4 MARINI À LA BAGUETTE ?
Le sénateur-maire de Compiègne, Philippe Marini, a-t-il fait des pieds et des mains ? On peut se le demander. Le 26 novembre 2009, le directeur de cabinet de l’ex-ministre du Budget prévient par écrit le ministère de l’Agriculture qu’une remise en cause de la vente en faveur d’Antoine Gilibert, président de la société des courses de Compiègne, « provoquerait une forte réaction du sénateur-maire qui soutient le projet. » Réponse de l’intéressé : « Dans les ministères, on connaît le caractère de Marini qui n’aime pas que les affaires tournent en rond. Mais je ne suis jamais intervenu pour peser sur la décision. Absolument jamais. » Pourquoi alors ce mail ? « Simple supposition de son auteur », affirme Marini.
5 MARINI-GILIBERT, UN ATTELAGE INDÉFECTIBLE.

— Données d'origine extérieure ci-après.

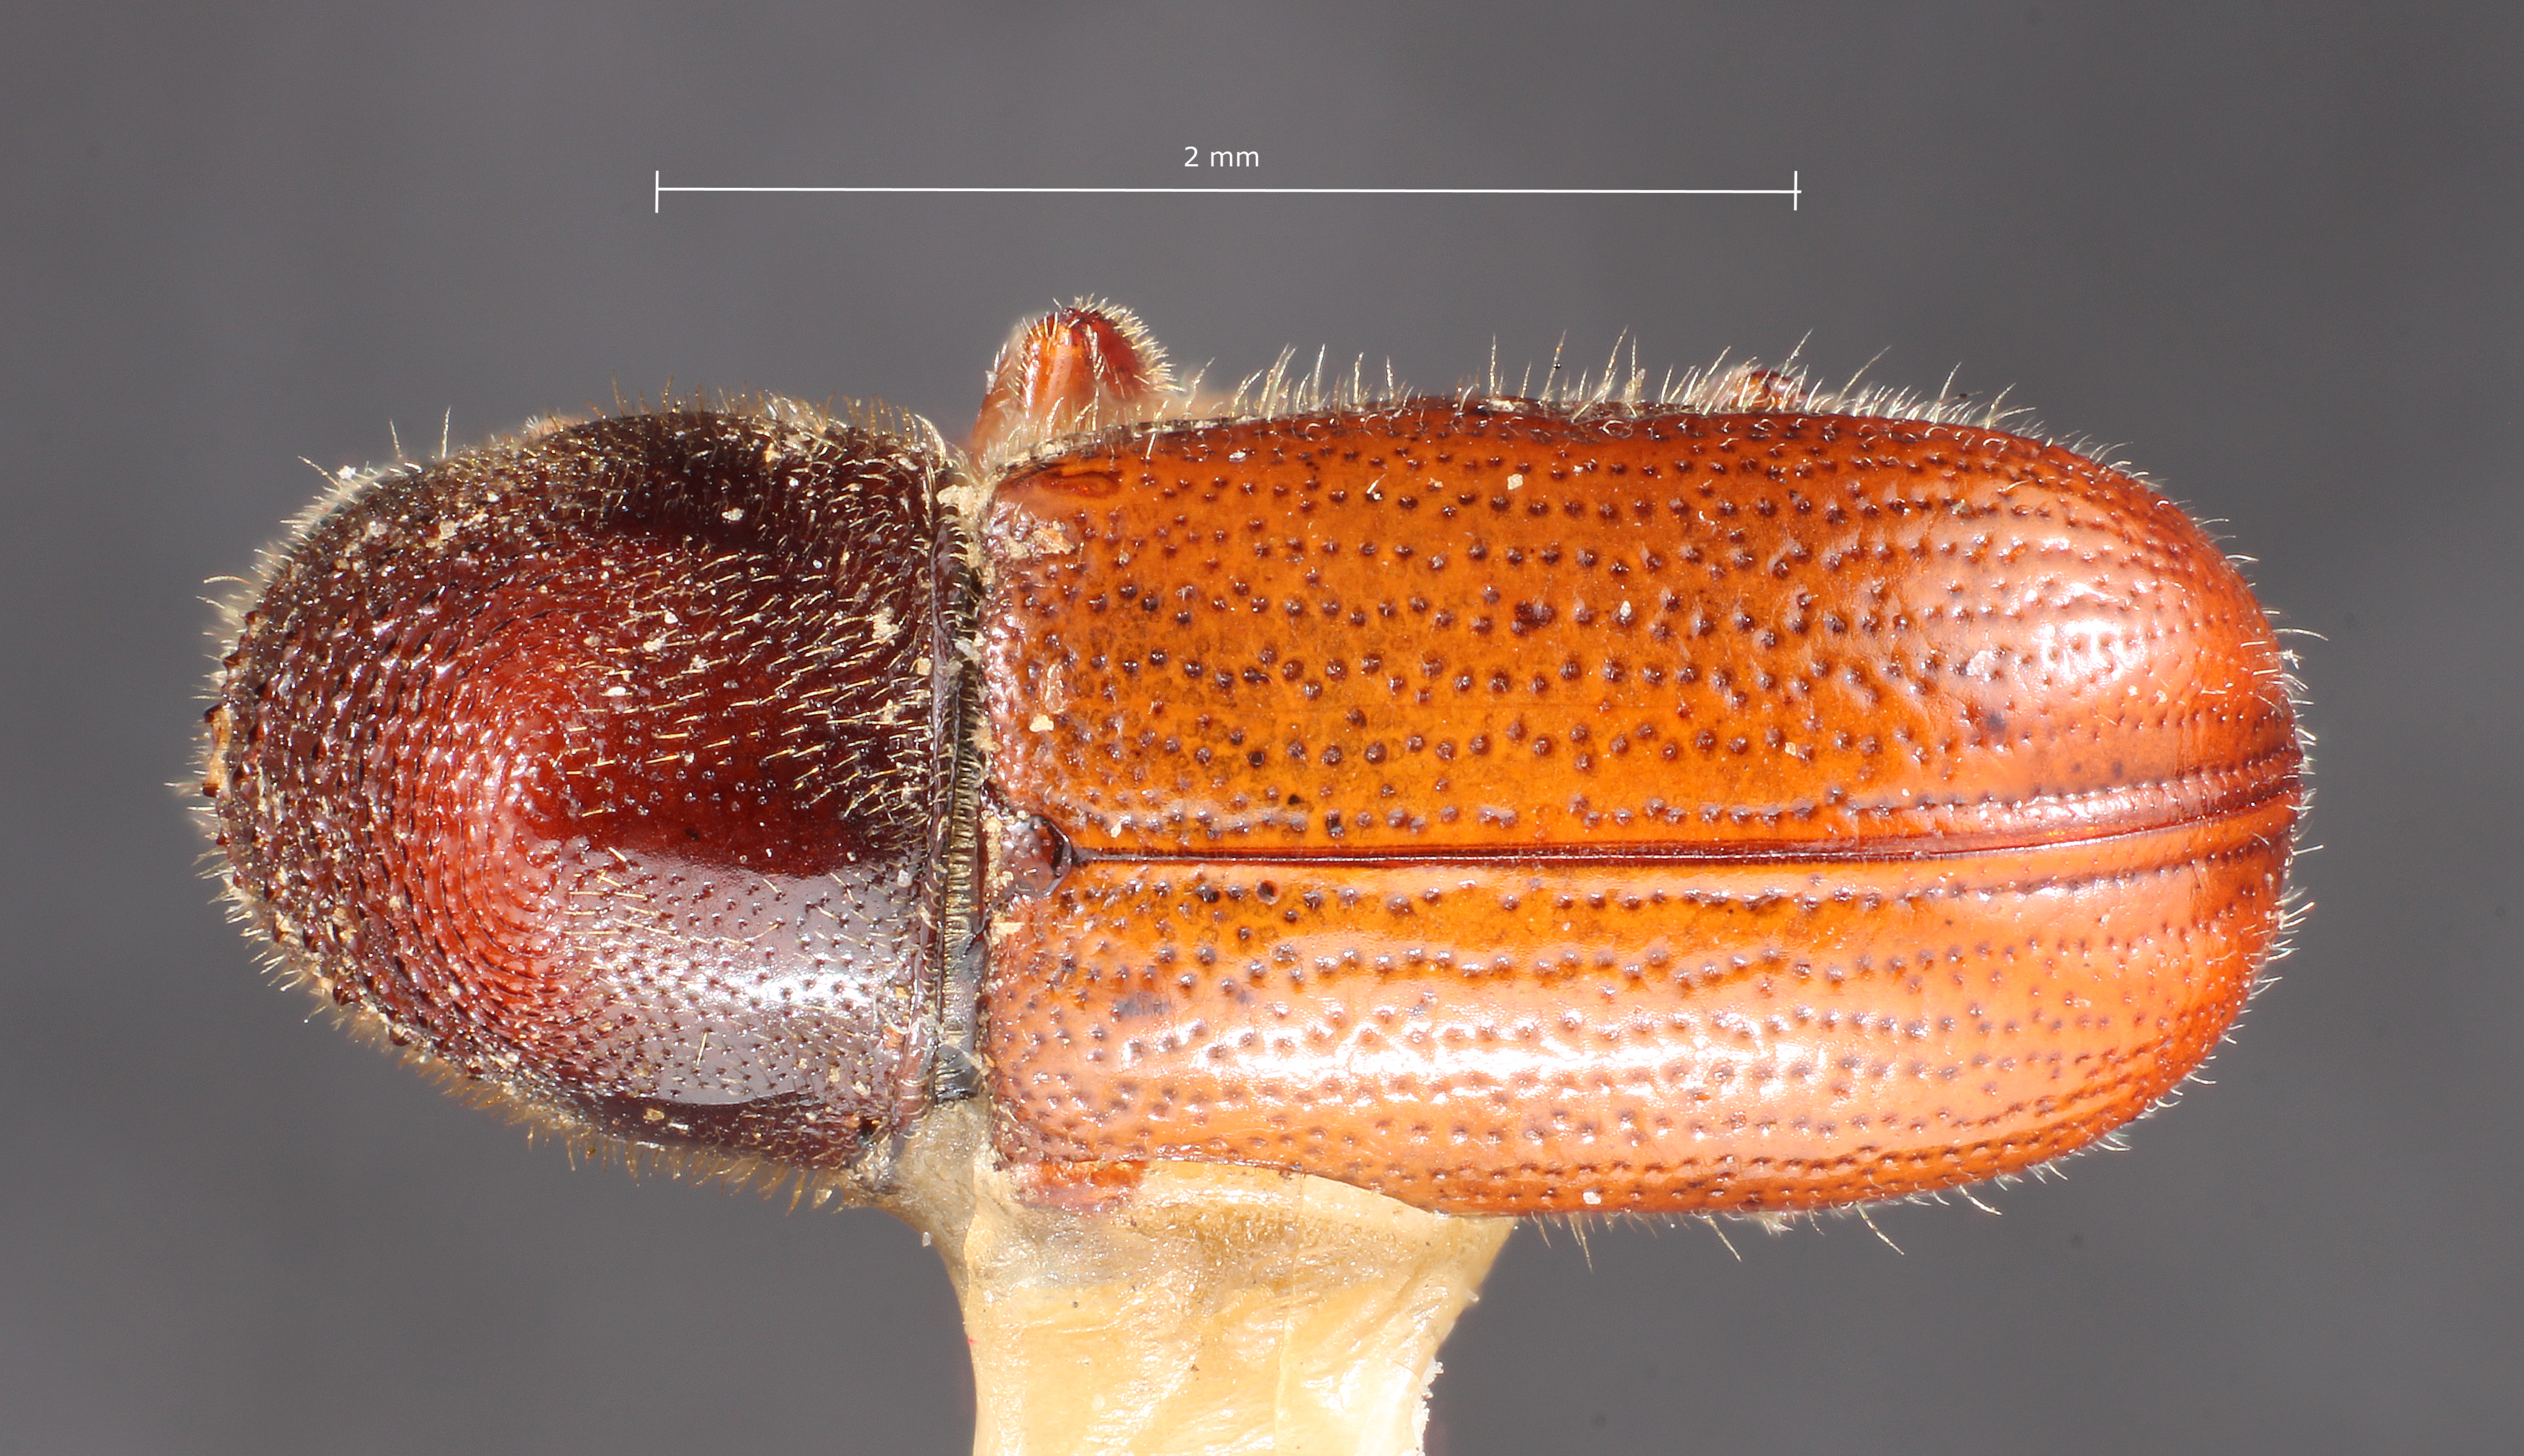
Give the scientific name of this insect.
Myeloborus deleoni

S’il est un point sur lequel Philippe Marini a bien pesé, c’est celui de la désignation des grands électeurs « supplémentaires » (des non-élus) appelés à voter pour lui aux sénatoriales. Le 17 juin, sa majorité municipale a désigné Antoine Gilibert, ainsi que Jean Kerfourn, administrateur de la société des courses, et Monique Marini, sa femme. « Gilibert avait déjà été nommé en 1992 et en 2001 », se défend Philippe Marini.